Thank you for making this thread so we didn’t not detail the other one further.
I feel like perhaps I did not explain myself particularly well in the other thread. I will claim that it is because I had to leave for class relatively quickly and not because I did not think it through completely.
I don’t know your level of expertise with AI, so if this isn’t informational to you then I apologize. I am not trying to speak down to anyone, but I feel it is important to ensure I’m fully making my point to fully describe the process. Before I begin, a couple of minor things. One, I’m going to use the term AI, when really we should be saying machine learning (ML). AI is a broader term, and what I’m going to describe is the basic paradigm for ML. Two, I’m going to speak more in general terms than specifically for neural networks. It really does not make any difference in this case, although certainly there are differences between black box, grey box, and white box AI. Three, I’m only going to describe a mono-AI. Again it just doesn’t make any difference so I’m not going to make it more complicated than it needs to.
So the basic process of an AI is the following. You have some set of inputs (I), which is passed into an algorithm (A), which creates a set of outputs (O). Machine learning works by having a sufficient realistic data such that the algorithm can learn the model that best translate any values for I into the correct values for O.
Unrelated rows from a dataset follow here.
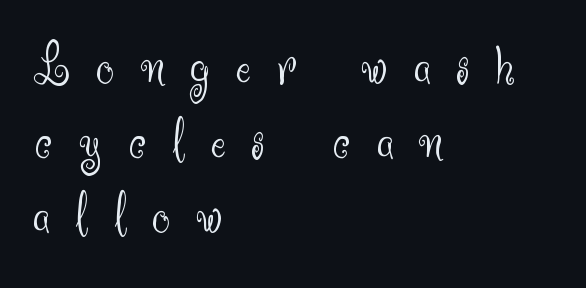
The image shows 57 px light sans-serif type, upright; set left-aligned, normal line spacing (1.31x), unusually wide letter spacing (+0.46 em), not underlined; medium stroke contrast and a small x-height.
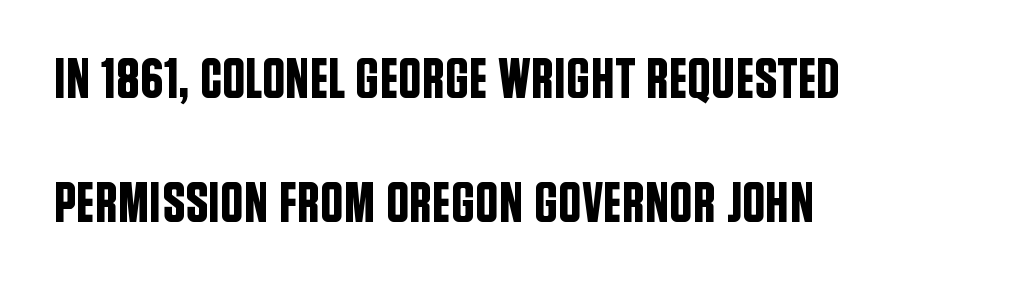
The paragraph shown leans on its left margin. Letter spacing: default. You can tell it's not italic because the verticals are truly vertical. The rendering uses natural spacing where letterforms have individual widths. Beneath every word, the page is bare. Whoever set this chose breathing room over compactness in the vertical rhythm.
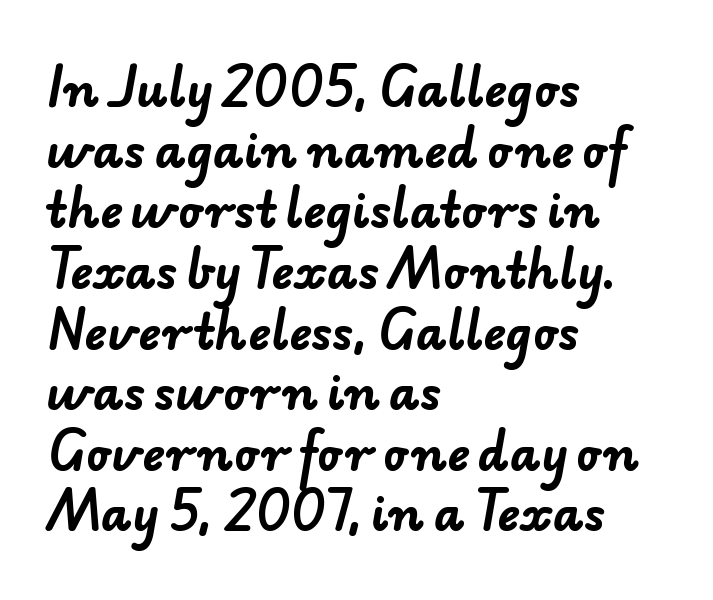
Q: Is the text bold? A: Yes.
Q: Is the typeface a serif or a sans-serif typeface? A: Sans-serif.
Q: Is the text underlined? A: No.
Q: How is the paragraph aligned? A: Left-aligned.
Q: Is the spacing between letters normal or unusually wide? A: Normal.
Q: Is the spacing between lines tight, normal or loose? A: Normal.
Q: Width (condensed, normal, or wide)? A: Normal.
Q: Stroke contrast? A: Low.
Q: x-height? A: Small.
Q: Monospaced? A: No.

But what does this mean when I say correct values for O? Because often, the output values are not used directly. They are encoded. In fact, the encode/decode step can often be quite challenging (often inputs need to be encoded as well). So, the outputs are typically representative of elements in the problem space being explored. For example, the values [0.25,0.1,0.3,0.5,0.75,0.0,1.0,0.25,0.1] is meaningless right? Without knowing the context, it is just a bunch of values seemingly from 0 to 1. However, when put into the context of a problem space, for example, the weights to apply to a set of features, then they make sense.
So, suppose we had to make an AI as sophisticated as the ones in “I, Robot” but still matching the paradigm of AI as we know it today. The output from such an AI is not going to be “lift the box, oh and kill all humans”, but rather a (likely stupdendously long) set of output values. These values are then decoded by some predictive model of reality, which creates an action and associated consequences.
What we would do at present is do a problem space analysis and determine the hyperspaces that have areas we don’t want. Or we use a priori information to just not allow the AI to consider them. So, for example, we could code the predictive model to keep a count of the number of dead humans that result from the action. If the count is greater than zero, then the course of action (or inaction) is forbidden. I actually did something similar in my PhD work (no I wasn’t building killer robots beep), but rather there we certain types of results that I knew could not work*1, so I simply had a simple Boolean variable that flag when such an error type occurred, bypassed all other processing and return infinite cost. I did not want the AI to even consider such a possibility.
I hope this helps explain why I believe that given an AI with a human-level of predictive power, then it should be possible to encode the Three Laws.
(*1: My work was on algorithms that create algorithms, so if I knew certain tasks (say B had to follow A) had to take place before other actions although not necessarily where in the chain, then any output that decoded to A following B could be immediately rejected.)